Ontem você fez a sua primeira entrevista de emprego. Empolgada e insegura, sem saber o que estaria por vir. Você ensaiou a semana todas quais eram as melhores respostas, preparou um discurso sobre os seus pontos fortes e escolheu uma roupa social discreta (para não chamar muito a atenção, já que mulheres supostamente precisam passar despercebidas). Uma pena que o entrevistador só estava preocupado em fazer perguntas pessoais e descobrir o seu número de telefone.

Você ainda é nova, mas já percebeu que o mundo não funciona de uma forma muito justa. Sua avó, com a melhor das intenções, diz que você precisa aprender a cozinhar e cuidar da casa para conseguir um bom marido. E tem que ser logo, porque aos 30 você estará velha para criar seus filhos. Seu irmão ouve outro discurso: que ele deve mesmo curtir a vida e evitar “se prender a alguém” o máximo que puder. Qual a razão dessa diferença?

Há pouco tempo os homens eram considerados, por lei, proprietários de suas filhas e esposas. Gerações inteiras de mulheres foram ensinadas a se calarem e sorrirem. Não foi um erro delas, da sua avó: elas não tiveram escolha. Não tinham a oportunidade de trabalhar fora e conquistar a independência – ou eram contratadas por salários ridiculamente menores. Alguns anos atrás, se uma mulher era violentada, a culpa era dela.
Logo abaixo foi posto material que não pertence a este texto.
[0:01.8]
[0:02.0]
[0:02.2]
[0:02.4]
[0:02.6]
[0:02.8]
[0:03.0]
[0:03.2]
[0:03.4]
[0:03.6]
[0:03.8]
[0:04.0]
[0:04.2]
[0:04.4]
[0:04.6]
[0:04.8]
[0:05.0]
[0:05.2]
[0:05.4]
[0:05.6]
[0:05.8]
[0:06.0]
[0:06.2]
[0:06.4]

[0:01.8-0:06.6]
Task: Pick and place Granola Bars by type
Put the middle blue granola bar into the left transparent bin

Espera. Infelizmente ainda existem pessoas que dizem isso.

Hoje, dia 8 de março, é uma data para comemorar as mudanças que passaram a acontecer nos últimos anos. Mudanças maravilhosas, que estão remodelando as empresas e as estruturas familiares, mas ainda não parecem ter acontecido na cabeça da maioria das pessoas – como você pode perceber com todos esses exemplos. E eu queria aproveitar essa oportunidade para dizer que você pode ser quem quiser.
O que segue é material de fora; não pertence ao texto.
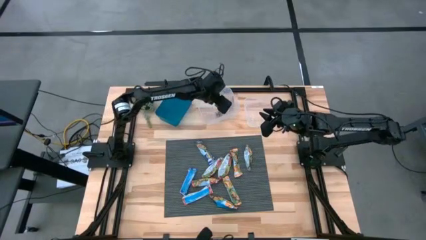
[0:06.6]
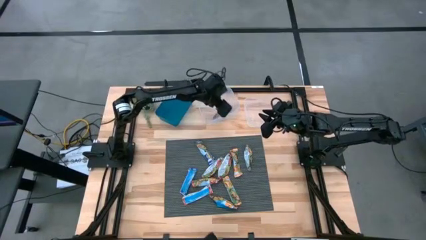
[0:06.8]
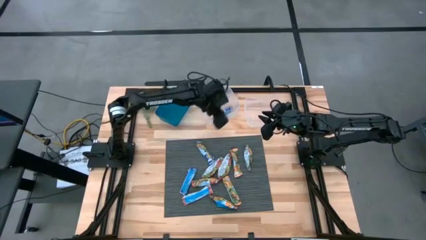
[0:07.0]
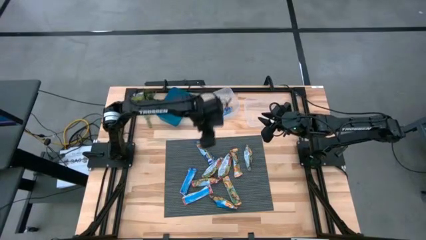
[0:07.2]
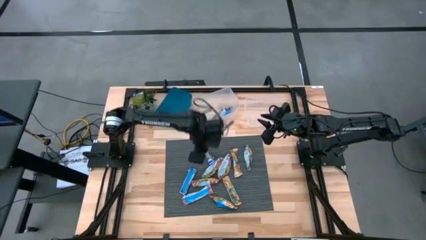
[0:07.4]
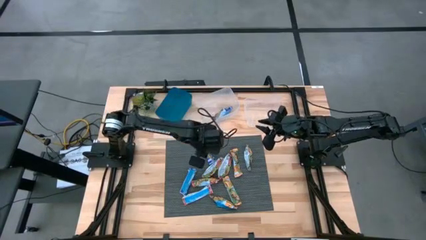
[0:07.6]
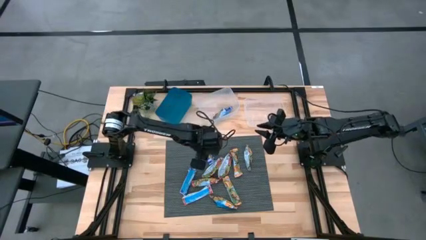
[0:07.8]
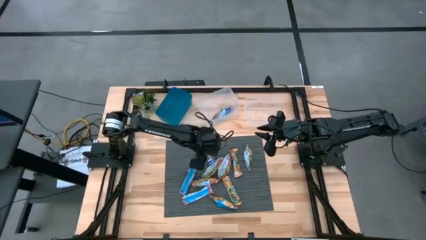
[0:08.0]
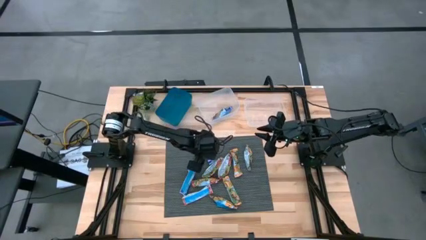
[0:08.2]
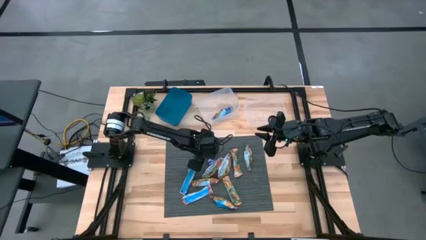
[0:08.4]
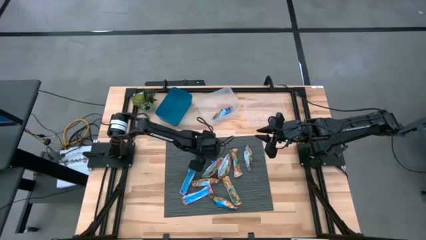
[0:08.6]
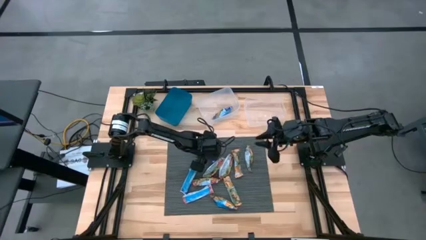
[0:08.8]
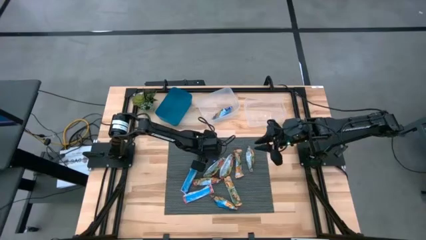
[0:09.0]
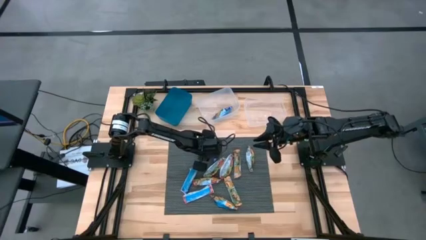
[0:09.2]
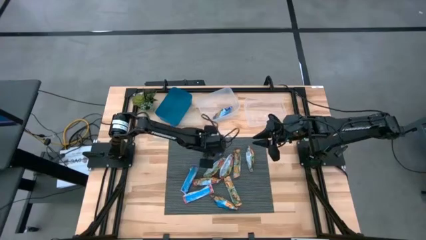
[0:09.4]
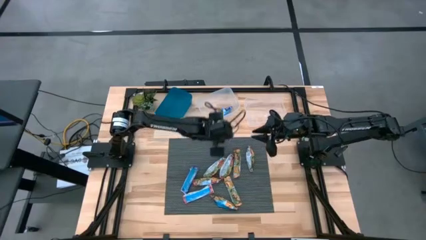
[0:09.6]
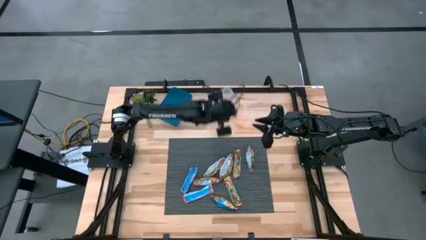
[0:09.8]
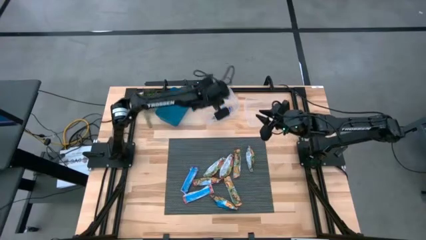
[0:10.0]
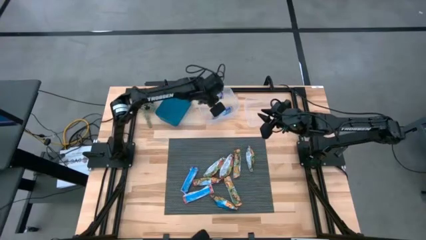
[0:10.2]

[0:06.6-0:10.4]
Put the top blue granola bar into the left transparent bin

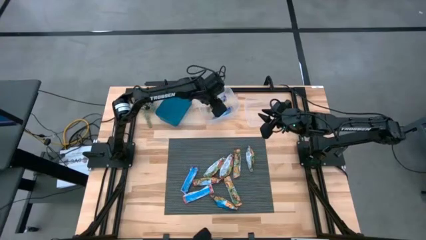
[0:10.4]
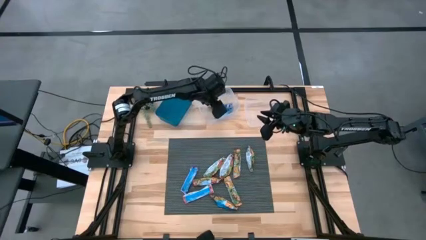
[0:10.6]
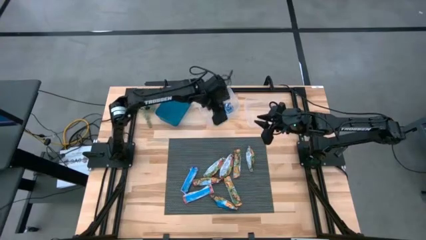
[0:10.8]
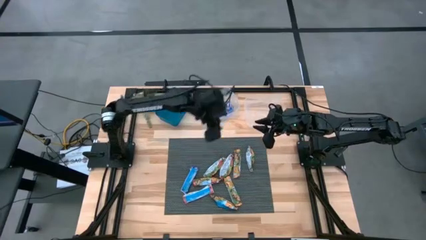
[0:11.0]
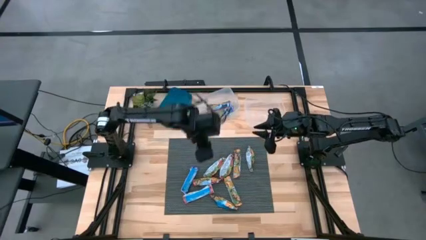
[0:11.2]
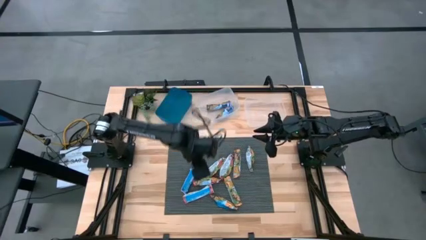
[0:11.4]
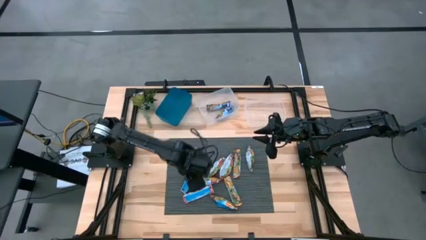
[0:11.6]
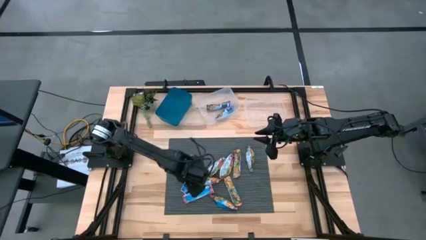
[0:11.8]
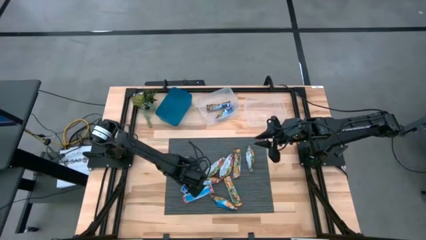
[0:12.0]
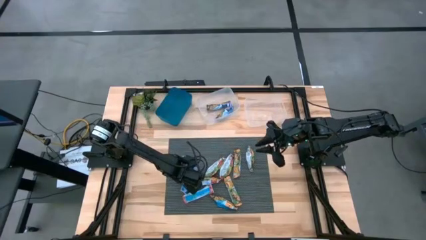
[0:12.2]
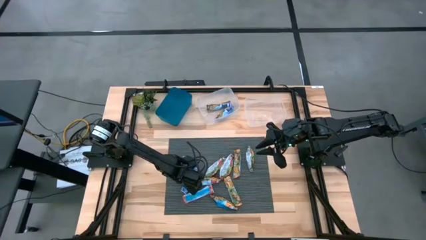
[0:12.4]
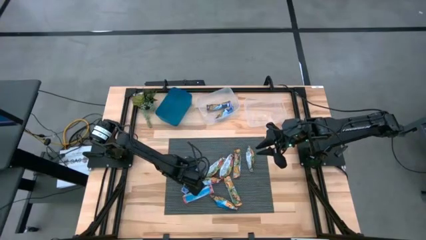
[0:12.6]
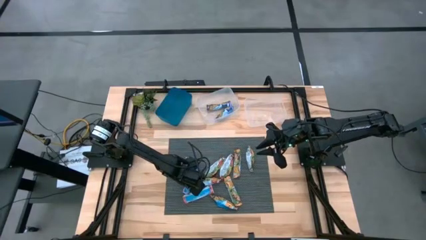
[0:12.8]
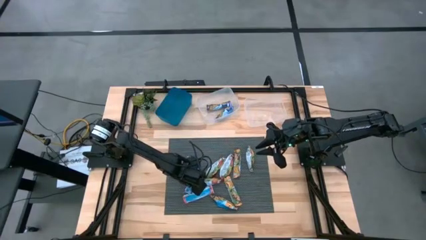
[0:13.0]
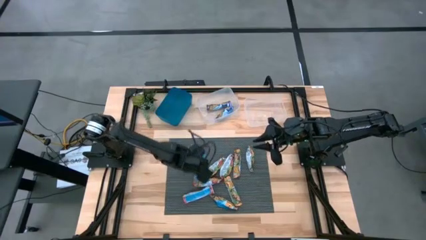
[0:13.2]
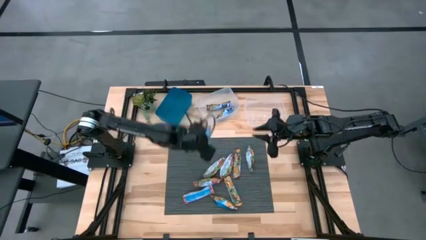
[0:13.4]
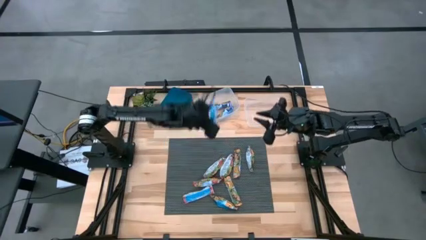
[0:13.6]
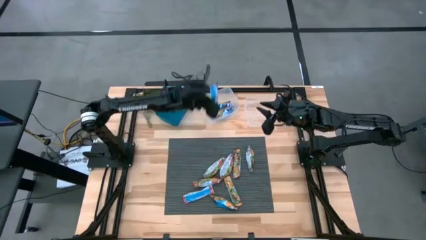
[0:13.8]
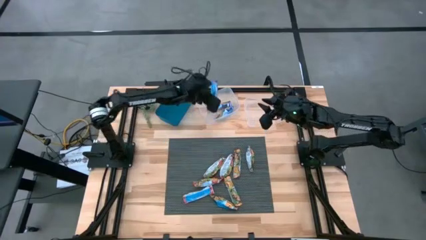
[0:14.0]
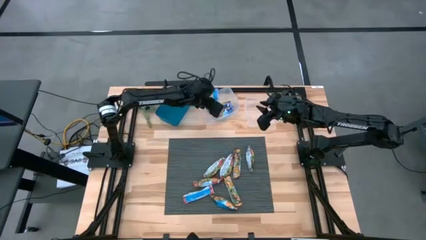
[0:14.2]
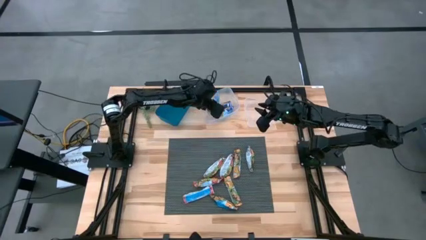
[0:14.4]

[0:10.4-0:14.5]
Put the blue granola bar into the left transparent bin

Tudo o que você ouviu nesses anos todos? Não é verdade. Você não precisa ser delicada – mas pode ser, se quiser. Você não é obrigada a ser uma dona de casa e ter três filhos em vez de focar na carreira e nunca ser mãe – mas pode, se quiser. Você pode fazer todas essas escolhas e também o exato oposto delas, e tudo bem. E nunca – prometo – deverá pedir a permissão dos outros para isso.

O que difere seu corpo dos outros é o seu DNA. Que também difere pessoas umas das outras, independentemente do gênero delas. Um cromossomo não define nada sobre as suas capacidades, a sua personalidade ou os seus direitos.

A liberdade já nasceu com você. Tome posse dela.